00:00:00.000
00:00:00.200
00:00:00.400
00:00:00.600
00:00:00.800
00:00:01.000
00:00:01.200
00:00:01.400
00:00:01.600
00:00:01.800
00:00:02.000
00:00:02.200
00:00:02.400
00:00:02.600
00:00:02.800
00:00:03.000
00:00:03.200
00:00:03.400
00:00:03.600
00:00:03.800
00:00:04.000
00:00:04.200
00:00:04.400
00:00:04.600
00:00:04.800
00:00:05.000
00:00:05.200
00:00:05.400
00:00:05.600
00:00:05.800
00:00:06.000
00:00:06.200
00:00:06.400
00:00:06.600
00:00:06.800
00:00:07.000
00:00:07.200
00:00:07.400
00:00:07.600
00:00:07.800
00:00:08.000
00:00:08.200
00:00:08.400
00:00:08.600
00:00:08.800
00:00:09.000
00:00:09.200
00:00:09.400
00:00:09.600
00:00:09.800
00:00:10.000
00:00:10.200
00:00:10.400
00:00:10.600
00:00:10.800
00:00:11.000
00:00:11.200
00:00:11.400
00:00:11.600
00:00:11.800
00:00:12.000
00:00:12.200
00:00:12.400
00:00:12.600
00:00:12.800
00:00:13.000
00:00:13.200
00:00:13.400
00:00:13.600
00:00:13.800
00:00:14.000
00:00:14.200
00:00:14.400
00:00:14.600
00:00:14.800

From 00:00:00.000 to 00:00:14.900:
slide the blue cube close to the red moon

= = = = =

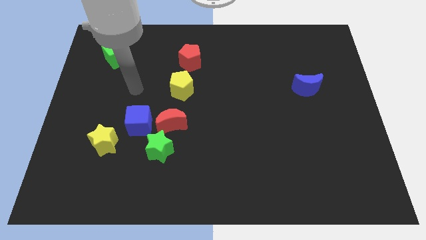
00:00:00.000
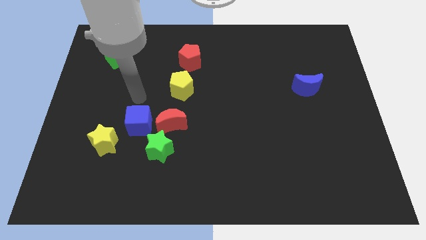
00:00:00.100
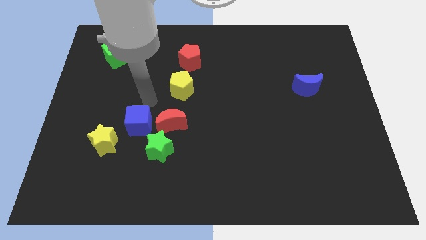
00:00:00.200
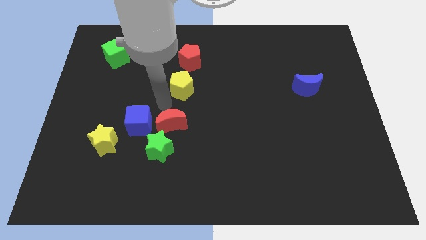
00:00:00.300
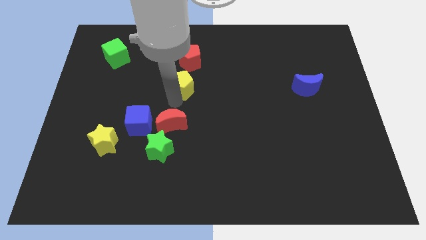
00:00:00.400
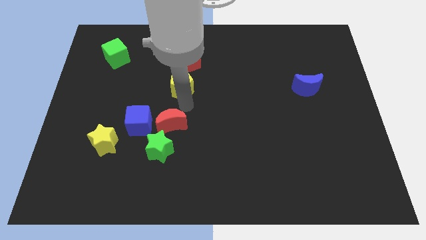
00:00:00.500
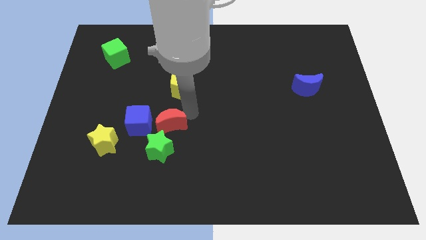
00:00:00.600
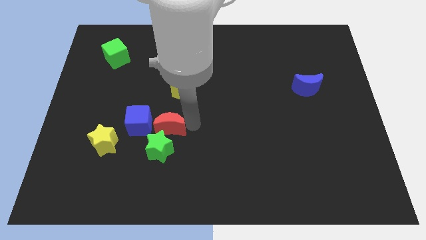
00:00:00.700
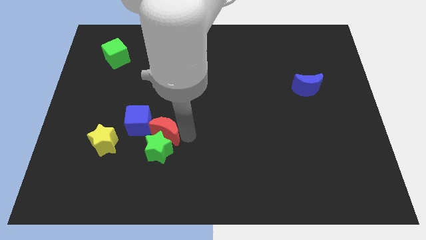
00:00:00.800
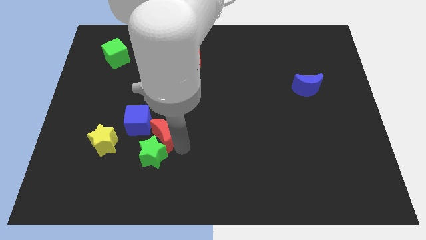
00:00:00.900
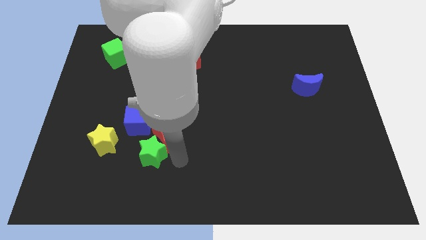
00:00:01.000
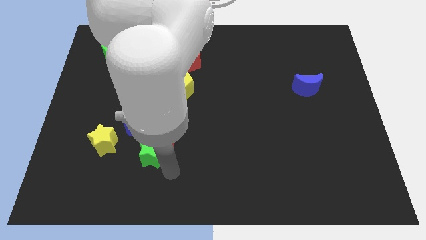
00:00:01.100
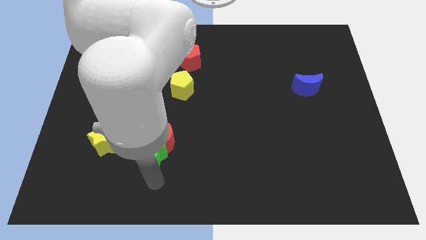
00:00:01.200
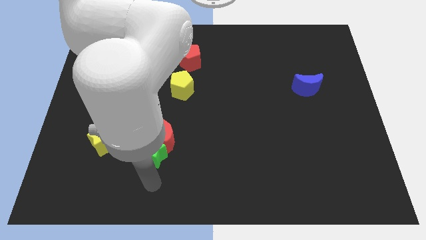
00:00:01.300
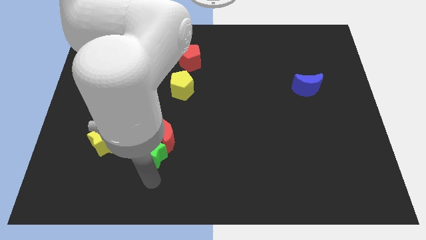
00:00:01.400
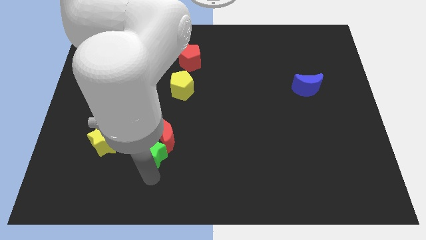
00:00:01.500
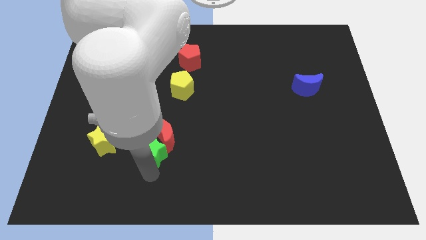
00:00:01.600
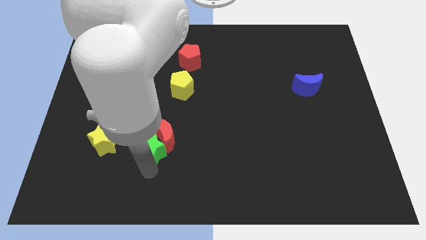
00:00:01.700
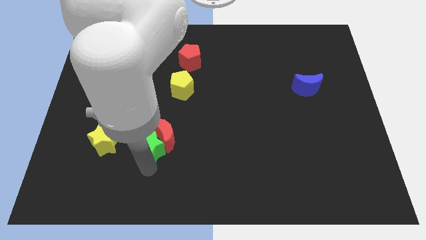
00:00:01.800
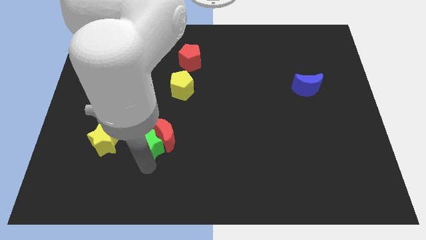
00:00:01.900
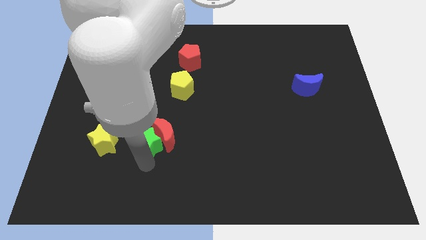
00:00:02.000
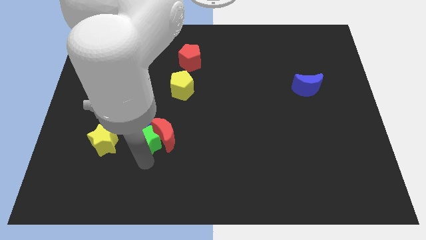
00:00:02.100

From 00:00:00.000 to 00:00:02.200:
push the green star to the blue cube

= = = = =

Beginning with the line containing "00:00:07.200" in the material above, copy every line exactly until you have copied the line containing "00:00:12.200".

00:00:07.200
00:00:07.400
00:00:07.600
00:00:07.800
00:00:08.000
00:00:08.200
00:00:08.400
00:00:08.600
00:00:08.800
00:00:09.000
00:00:09.200
00:00:09.400
00:00:09.600
00:00:09.800
00:00:10.000
00:00:10.200
00:00:10.400
00:00:10.600
00:00:10.800
00:00:11.000
00:00:11.200
00:00:11.400
00:00:11.600
00:00:11.800
00:00:12.000
00:00:12.200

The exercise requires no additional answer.